Look through the data and write out every line with the word "fixed" in it.

### Dataset extract
........
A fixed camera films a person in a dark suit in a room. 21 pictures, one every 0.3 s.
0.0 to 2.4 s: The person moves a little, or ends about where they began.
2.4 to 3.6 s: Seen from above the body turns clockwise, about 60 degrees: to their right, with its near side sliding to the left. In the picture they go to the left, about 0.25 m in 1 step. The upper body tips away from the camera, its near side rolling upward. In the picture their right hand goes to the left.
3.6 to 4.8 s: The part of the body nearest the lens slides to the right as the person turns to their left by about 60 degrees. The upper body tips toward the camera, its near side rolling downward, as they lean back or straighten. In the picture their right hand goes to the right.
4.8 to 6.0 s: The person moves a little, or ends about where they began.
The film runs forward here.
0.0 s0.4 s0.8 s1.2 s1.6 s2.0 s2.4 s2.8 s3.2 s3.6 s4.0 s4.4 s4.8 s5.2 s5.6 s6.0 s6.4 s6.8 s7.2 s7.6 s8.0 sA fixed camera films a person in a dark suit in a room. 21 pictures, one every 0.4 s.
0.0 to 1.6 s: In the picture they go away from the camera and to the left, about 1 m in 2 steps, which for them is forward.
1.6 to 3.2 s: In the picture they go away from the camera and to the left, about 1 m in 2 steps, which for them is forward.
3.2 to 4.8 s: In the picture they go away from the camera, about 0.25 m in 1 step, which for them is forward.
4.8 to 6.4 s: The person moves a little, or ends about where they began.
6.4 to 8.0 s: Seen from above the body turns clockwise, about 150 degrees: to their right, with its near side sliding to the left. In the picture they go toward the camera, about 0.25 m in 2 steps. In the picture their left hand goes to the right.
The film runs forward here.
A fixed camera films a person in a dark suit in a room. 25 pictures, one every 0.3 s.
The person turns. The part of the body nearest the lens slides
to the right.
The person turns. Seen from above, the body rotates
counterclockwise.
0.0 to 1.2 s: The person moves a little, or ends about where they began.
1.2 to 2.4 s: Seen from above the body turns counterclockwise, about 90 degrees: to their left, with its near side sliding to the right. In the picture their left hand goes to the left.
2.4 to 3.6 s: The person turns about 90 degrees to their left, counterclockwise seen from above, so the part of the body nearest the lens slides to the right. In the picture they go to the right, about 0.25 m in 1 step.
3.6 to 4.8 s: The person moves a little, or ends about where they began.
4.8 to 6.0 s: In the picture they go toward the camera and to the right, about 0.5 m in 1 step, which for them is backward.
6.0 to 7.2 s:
........
### Response to the task
A fixed camera films a person in a dark suit in a room. 21 pictures, one every 0.3 s.
0.0 s0.4 s0.8 s1.2 s1.6 s2.0 s2.4 s2.8 s3.2 s3.6 s4.0 s4.4 s4.8 s5.2 s5.6 s6.0 s6.4 s6.8 s7.2 s7.6 s8.0 sA fixed camera films a person in a dark suit in a room. 21 pictures, one every 0.4 s.
A fixed camera films a person in a dark suit in a room. 25 pictures, one every 0.3 s.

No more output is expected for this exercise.